Ready to experience another day in New York City, billionaire asset manager Eric (Robert Pattinson) has set his sights on a haircut at a barber shop across town, requiring his driver (Kevin Durand) to navigate clogged streets preparing for the arrival of the President. Armed with a state-of-the-art limo keeping him abreast of work and social issues, Eric rolls through the city slowly, catching up with his mistress (Juliette Binoche), frigid wife (Sarah Gadon), advisor (Samantha Morton), and chief of finance (Emily Hampshire), with a reality of financial ruin hanging over his head after his betting ways sour. Losing his comfort and sanity as the day carries into night, Eric faces a final test when a mentally disturbed ex-employee (Paul Giamatti) has plans to assassinate his former boss, thus gifting him one honest achievement in a ruthless world. Adapting the novel by author Don DeLillo, Cronenberg undertakes a rolling odyssey with “Cosmopolis,” commencing a tour of New York City on an especially active day. It’s not just the President holding up traffic, but also a riot staged by anti-capitalist types wielding dead rats to underline their message, and a there’s a funeral procession for a rapper as well, making transportation impossible. However, Eric is committed to the symbolic haircut, generating an episodic adventure for the emotionally frozen man, who welcomes familiars into the back of his deluxe limo, built with numerous video screens, cork insulation to keep street noise at bay, and it’s even fitted for a urinal, making exit unnecessary.
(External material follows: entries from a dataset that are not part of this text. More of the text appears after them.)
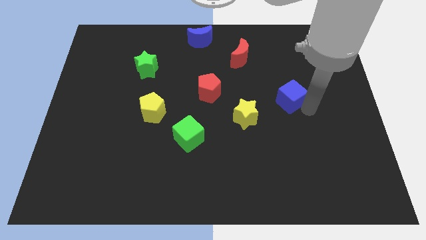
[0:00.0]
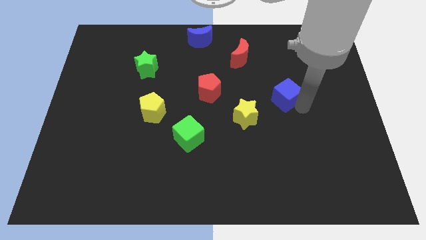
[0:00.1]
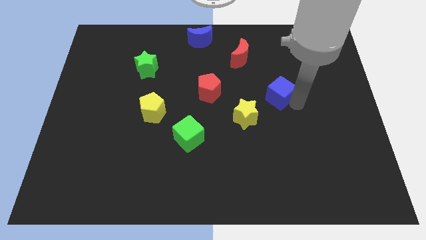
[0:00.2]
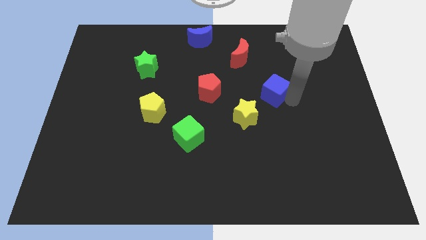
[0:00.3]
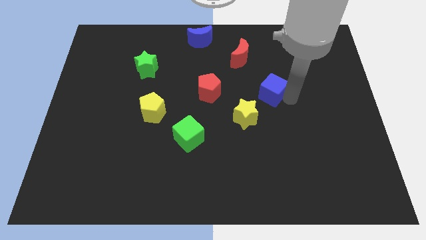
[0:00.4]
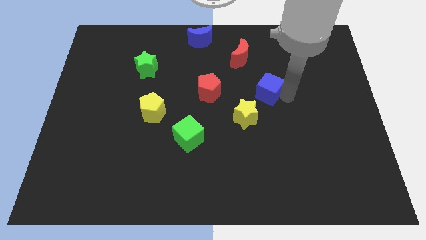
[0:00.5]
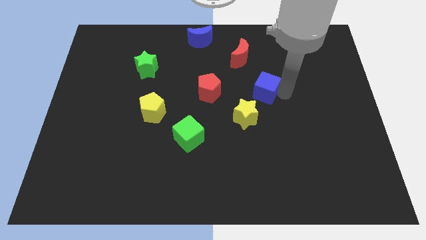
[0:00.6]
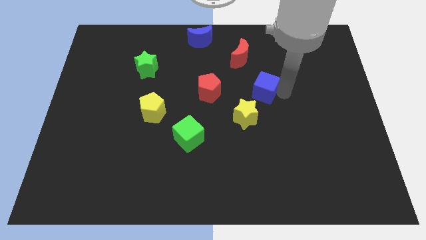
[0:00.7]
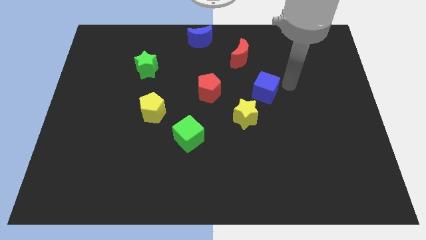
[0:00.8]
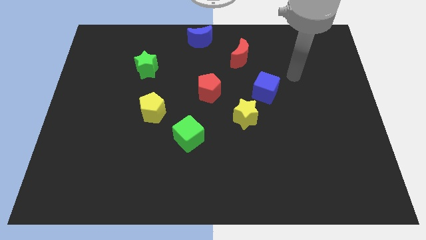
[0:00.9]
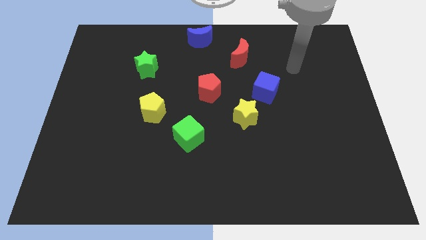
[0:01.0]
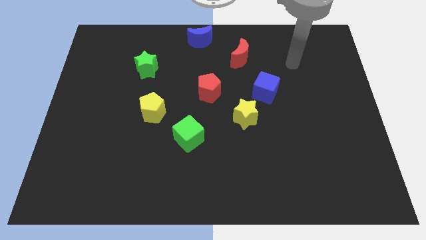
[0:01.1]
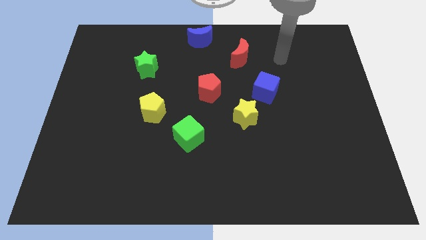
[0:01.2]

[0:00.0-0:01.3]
place the blue cube close to the yellow star

It’s the ultimate rich man’s toy employed a day when it’s not advantageous to be a rich man, catching up with Eric as he slowly loses his fortune, a disaster that loosens his grip on reality as well. And the bad news won’t stop pouring in, despite his best intentions to stave off the inevitable with personal interactions of varying importance to his dead, black heart.
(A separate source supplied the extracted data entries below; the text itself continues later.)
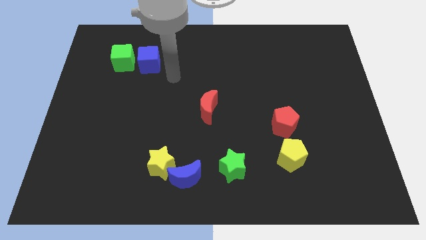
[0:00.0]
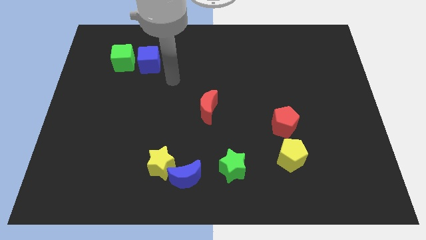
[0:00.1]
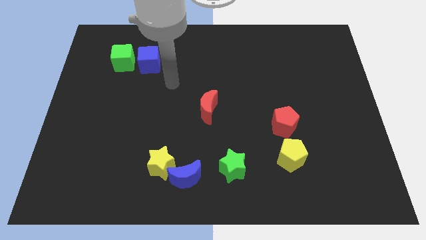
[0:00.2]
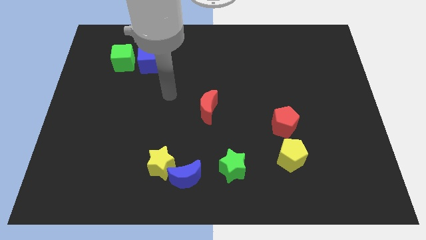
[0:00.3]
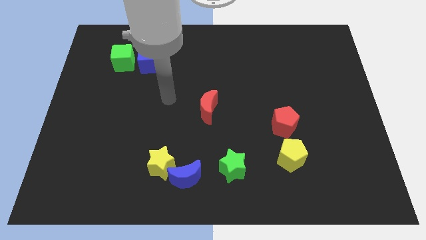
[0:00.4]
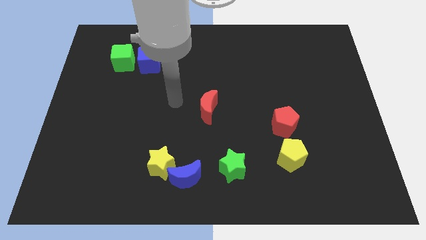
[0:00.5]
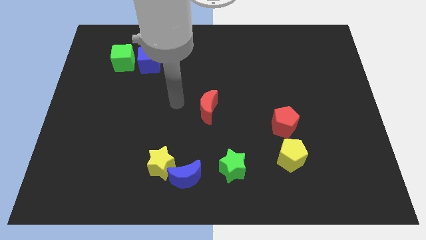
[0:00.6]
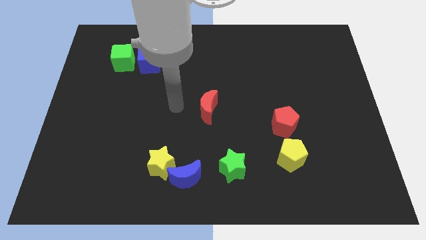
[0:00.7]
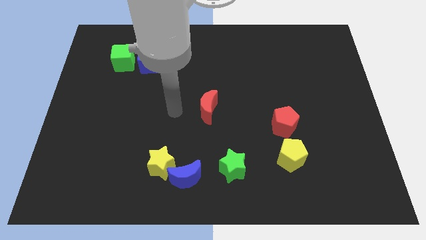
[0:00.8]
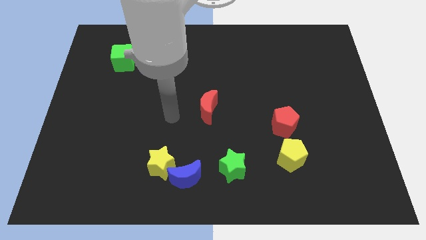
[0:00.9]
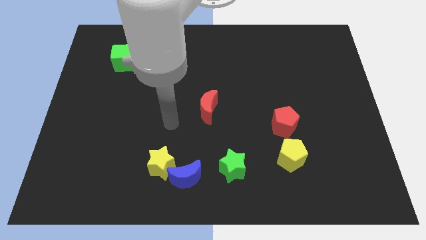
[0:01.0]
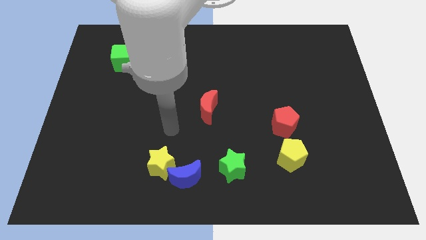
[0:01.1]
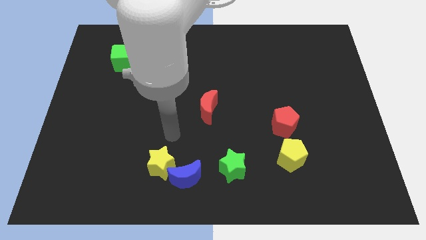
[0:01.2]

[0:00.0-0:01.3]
move your arm to the top of yellow star

“Cosmopolis” traces the downward spiral of a capitalist, and I honestly wish there was something gripping or enlightening about the descent. Instead, Cronenberg has fashioned a frosty viewing experience with stilted dialogue, finding characters winding around a full page of explanation to achieve the meaning of a single word. The conversations are protracted, lacking shape and momentum, with the filmmaker lost in the architecture of the writing, admiring his own skills of adaptation, with hidden meanings, cunning connections, and morose confessions lost in a fog of shapeless exposition. “Cosmopolis” asks viewers to hang on every syllable, yet there’s no sense of community to Eric’s passage through town, with characters coldly introduced and quickly shooed away. Even sensuality is rusted shut, with Eric’s female entanglements (including a wife he wants desperately to have sex with) carrying all the tension of a staring contest where the participants are physically unable to blink. There should be bite to this movie, or perhaps something approaching unease. Instead, Cronenberg has mummified the work, making Eric’s trip to his destiny a verbose bore that’s not worth the interpretative effort. A major thorn in the side of the film is Pattinson, here in his first challenging role after years playing a sparkly vampire in the “Twilight” pictures. Cruelly, the Brit is miscast as a hermetically sealed American, carrying a wobbly accent and an insincere poker face, leaving a potentially lurid subplot concerning Eric’s thrill-seeking ways with stun-guns and firearms to walk on by without expression. It’s a disappointing performance, especially working with Cronenberg, who’s usually terrific with casting choices. Eric should be this deteriorating shell of a man, accepting punishment from those out to harm and humiliate him, yet Pattinson plays every scene with the same robotic expression, lacking the thespian integrity required to communicate doomsday in the eyes of a demon.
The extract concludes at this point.